Exercise requirements:
Reproduce each record in the listing below exactly as written.

<<<<

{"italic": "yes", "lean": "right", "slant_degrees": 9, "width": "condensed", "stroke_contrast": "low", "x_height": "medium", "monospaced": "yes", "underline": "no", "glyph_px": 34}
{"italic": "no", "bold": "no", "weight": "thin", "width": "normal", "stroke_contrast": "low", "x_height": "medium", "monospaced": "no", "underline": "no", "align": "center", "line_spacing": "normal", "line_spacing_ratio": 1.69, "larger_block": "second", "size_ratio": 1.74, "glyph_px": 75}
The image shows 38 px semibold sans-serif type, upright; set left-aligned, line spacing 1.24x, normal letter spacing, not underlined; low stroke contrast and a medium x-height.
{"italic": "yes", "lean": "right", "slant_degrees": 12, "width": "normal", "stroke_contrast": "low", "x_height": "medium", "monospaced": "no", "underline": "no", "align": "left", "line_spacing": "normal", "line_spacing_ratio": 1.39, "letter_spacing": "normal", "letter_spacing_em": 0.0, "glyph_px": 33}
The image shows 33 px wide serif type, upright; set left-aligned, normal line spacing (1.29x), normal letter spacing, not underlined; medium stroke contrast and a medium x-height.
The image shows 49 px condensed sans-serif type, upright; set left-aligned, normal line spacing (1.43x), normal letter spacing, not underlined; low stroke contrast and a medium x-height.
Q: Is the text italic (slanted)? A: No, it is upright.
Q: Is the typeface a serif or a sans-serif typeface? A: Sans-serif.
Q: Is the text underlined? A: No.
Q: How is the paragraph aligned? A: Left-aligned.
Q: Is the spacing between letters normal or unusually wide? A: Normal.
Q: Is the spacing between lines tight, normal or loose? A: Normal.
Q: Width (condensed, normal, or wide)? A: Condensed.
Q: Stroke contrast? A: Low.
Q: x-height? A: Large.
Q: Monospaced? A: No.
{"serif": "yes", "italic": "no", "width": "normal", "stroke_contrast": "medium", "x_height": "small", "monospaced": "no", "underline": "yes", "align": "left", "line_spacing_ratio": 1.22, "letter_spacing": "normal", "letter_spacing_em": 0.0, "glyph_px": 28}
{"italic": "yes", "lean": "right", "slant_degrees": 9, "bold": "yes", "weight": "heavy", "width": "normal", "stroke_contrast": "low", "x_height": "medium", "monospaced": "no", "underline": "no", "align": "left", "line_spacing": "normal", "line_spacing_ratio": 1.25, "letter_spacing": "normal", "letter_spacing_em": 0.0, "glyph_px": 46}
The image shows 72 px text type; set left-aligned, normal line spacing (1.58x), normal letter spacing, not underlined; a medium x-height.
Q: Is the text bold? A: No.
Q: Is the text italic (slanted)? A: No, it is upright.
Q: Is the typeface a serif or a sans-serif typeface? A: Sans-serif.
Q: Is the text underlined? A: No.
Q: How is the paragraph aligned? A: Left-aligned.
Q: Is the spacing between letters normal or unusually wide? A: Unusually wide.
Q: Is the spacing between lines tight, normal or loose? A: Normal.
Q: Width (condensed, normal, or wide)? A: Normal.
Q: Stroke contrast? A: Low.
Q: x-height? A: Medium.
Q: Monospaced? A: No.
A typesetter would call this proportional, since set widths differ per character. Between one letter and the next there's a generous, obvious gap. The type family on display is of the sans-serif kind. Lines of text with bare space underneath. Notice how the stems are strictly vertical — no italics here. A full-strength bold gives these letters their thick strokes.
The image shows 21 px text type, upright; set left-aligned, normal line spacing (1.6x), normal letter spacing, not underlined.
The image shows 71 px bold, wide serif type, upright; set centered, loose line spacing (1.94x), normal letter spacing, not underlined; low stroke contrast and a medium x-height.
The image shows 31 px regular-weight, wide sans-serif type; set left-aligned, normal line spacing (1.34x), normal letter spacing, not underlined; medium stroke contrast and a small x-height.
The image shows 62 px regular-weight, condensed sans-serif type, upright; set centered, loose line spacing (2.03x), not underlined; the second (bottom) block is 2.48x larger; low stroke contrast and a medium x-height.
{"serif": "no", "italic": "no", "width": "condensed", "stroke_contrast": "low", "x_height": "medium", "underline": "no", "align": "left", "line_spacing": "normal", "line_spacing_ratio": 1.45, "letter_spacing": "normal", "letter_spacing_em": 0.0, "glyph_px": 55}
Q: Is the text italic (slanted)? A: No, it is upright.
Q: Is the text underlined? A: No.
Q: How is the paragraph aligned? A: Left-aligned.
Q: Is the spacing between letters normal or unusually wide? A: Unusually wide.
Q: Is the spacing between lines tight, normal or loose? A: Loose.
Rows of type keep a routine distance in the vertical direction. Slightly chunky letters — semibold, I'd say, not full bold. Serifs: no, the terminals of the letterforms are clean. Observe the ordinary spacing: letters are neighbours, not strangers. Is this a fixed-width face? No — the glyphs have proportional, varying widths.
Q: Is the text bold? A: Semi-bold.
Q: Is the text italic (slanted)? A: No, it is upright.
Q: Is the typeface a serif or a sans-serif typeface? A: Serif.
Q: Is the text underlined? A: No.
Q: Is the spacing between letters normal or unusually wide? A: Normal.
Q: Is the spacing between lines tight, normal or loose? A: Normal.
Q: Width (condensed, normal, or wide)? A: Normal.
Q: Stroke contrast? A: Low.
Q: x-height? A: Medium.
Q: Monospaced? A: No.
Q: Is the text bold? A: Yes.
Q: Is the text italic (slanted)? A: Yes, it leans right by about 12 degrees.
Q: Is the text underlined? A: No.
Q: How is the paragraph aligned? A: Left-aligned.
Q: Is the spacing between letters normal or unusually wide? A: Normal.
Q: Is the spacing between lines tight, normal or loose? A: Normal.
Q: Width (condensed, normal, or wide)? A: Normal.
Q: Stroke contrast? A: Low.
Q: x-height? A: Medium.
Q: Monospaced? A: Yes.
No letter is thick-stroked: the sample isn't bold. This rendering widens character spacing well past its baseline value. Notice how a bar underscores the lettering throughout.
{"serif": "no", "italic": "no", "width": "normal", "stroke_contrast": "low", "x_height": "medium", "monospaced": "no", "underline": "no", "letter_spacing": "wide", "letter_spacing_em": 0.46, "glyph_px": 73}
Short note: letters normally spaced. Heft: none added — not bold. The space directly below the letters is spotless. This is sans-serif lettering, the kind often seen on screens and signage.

>>>>

Solution:
{"italic": "yes", "lean": "right", "slant_degrees": 9, "width": "condensed", "stroke_contrast": "low", "x_height": "medium", "monospaced": "yes", "underline": "no", "glyph_px": 34}
{"italic": "no", "bold": "no", "weight": "thin", "width": "normal", "stroke_contrast": "low", "x_height": "medium", "monospaced": "no", "underline": "no", "align": "center", "line_spacing": "normal", "line_spacing_ratio": 1.69, "larger_block": "second", "size_ratio": 1.74, "glyph_px": 75}
The image shows 38 px semibold sans-serif type, upright; set left-aligned, line spacing 1.24x, normal letter spacing, not underlined; low stroke contrast and a medium x-height.
{"italic": "yes", "lean": "right", "slant_degrees": 12, "width": "normal", "stroke_contrast": "low", "x_height": "medium", "monospaced": "no", "underline": "no", "align": "left", "line_spacing": "normal", "line_spacing_ratio": 1.39, "letter_spacing": "normal", "letter_spacing_em": 0.0, "glyph_px": 33}
The image shows 33 px wide serif type, upright; set left-aligned, normal line spacing (1.29x), normal letter spacing, not underlined; medium stroke contrast and a medium x-height.
The image shows 49 px condensed sans-serif type, upright; set left-aligned, normal line spacing (1.43x), normal letter spacing, not underlined; low stroke contrast and a medium x-height.
Q: Is the text italic (slanted)? A: No, it is upright.
Q: Is the typeface a serif or a sans-serif typeface? A: Sans-serif.
Q: Is the text underlined? A: No.
Q: How is the paragraph aligned? A: Left-aligned.
Q: Is the spacing between letters normal or unusually wide? A: Normal.
Q: Is the spacing between lines tight, normal or loose? A: Normal.
Q: Width (condensed, normal, or wide)? A: Condensed.
Q: Stroke contrast? A: Low.
Q: x-height? A: Large.
Q: Monospaced? A: No.
{"serif": "yes", "italic": "no", "width": "normal", "stroke_contrast": "medium", "x_height": "small", "monospaced": "no", "underline": "yes", "align": "left", "line_spacing_ratio": 1.22, "letter_spacing": "normal", "letter_spacing_em": 0.0, "glyph_px": 28}
{"italic": "yes", "lean": "right", "slant_degrees": 9, "bold": "yes", "weight": "heavy", "width": "normal", "stroke_contrast": "low", "x_height": "medium", "monospaced": "no", "underline": "no", "align": "left", "line_spacing": "normal", "line_spacing_ratio": 1.25, "letter_spacing": "normal", "letter_spacing_em": 0.0, "glyph_px": 46}
The image shows 72 px text type; set left-aligned, normal line spacing (1.58x), normal letter spacing, not underlined; a medium x-height.
Q: Is the text bold? A: No.
Q: Is the text italic (slanted)? A: No, it is upright.
Q: Is the typeface a serif or a sans-serif typeface? A: Sans-serif.
Q: Is the text underlined? A: No.
Q: How is the paragraph aligned? A: Left-aligned.
Q: Is the spacing between letters normal or unusually wide? A: Unusually wide.
Q: Is the spacing between lines tight, normal or loose? A: Normal.
Q: Width (condensed, normal, or wide)? A: Normal.
Q: Stroke contrast? A: Low.
Q: x-height? A: Medium.
Q: Monospaced? A: No.
A typesetter would call this proportional, since set widths differ per character. Between one letter and the next there's a generous, obvious gap. The type family on display is of the sans-serif kind. Lines of text with bare space underneath. Notice how the stems are strictly vertical — no italics here. A full-strength bold gives these letters their thick strokes.
The image shows 21 px text type, upright; set left-aligned, normal line spacing (1.6x), normal letter spacing, not underlined.
The image shows 71 px bold, wide serif type, upright; set centered, loose line spacing (1.94x), normal letter spacing, not underlined; low stroke contrast and a medium x-height.
The image shows 31 px regular-weight, wide sans-serif type; set left-aligned, normal line spacing (1.34x), normal letter spacing, not underlined; medium stroke contrast and a small x-height.
The image shows 62 px regular-weight, condensed sans-serif type, upright; set centered, loose line spacing (2.03x), not underlined; the second (bottom) block is 2.48x larger; low stroke contrast and a medium x-height.
{"serif": "no", "italic": "no", "width": "condensed", "stroke_contrast": "low", "x_height": "medium", "underline": "no", "align": "left", "line_spacing": "normal", "line_spacing_ratio": 1.45, "letter_spacing": "normal", "letter_spacing_em": 0.0, "glyph_px": 55}
Q: Is the text italic (slanted)? A: No, it is upright.
Q: Is the text underlined? A: No.
Q: How is the paragraph aligned? A: Left-aligned.
Q: Is the spacing between letters normal or unusually wide? A: Unusually wide.
Q: Is the spacing between lines tight, normal or loose? A: Loose.
Rows of type keep a routine distance in the vertical direction. Slightly chunky letters — semibold, I'd say, not full bold. Serifs: no, the terminals of the letterforms are clean. Observe the ordinary spacing: letters are neighbours, not strangers. Is this a fixed-width face? No — the glyphs have proportional, varying widths.
Q: Is the text bold? A: Semi-bold.
Q: Is the text italic (slanted)? A: No, it is upright.
Q: Is the typeface a serif or a sans-serif typeface? A: Serif.
Q: Is the text underlined? A: No.
Q: Is the spacing between letters normal or unusually wide? A: Normal.
Q: Is the spacing between lines tight, normal or loose? A: Normal.
Q: Width (condensed, normal, or wide)? A: Normal.
Q: Stroke contrast? A: Low.
Q: x-height? A: Medium.
Q: Monospaced? A: No.
Q: Is the text bold? A: Yes.
Q: Is the text italic (slanted)? A: Yes, it leans right by about 12 degrees.
Q: Is the text underlined? A: No.
Q: How is the paragraph aligned? A: Left-aligned.
Q: Is the spacing between letters normal or unusually wide? A: Normal.
Q: Is the spacing between lines tight, normal or loose? A: Normal.
Q: Width (condensed, normal, or wide)? A: Normal.
Q: Stroke contrast? A: Low.
Q: x-height? A: Medium.
Q: Monospaced? A: Yes.
No letter is thick-stroked: the sample isn't bold. This rendering widens character spacing well past its baseline value. Notice how a bar underscores the lettering throughout.
{"serif": "no", "italic": "no", "width": "normal", "stroke_contrast": "low", "x_height": "medium", "monospaced": "no", "underline": "no", "letter_spacing": "wide", "letter_spacing_em": 0.46, "glyph_px": 73}
Short note: letters normally spaced. Heft: none added — not bold. The space directly below the letters is spotless. This is sans-serif lettering, the kind often seen on screens and signage.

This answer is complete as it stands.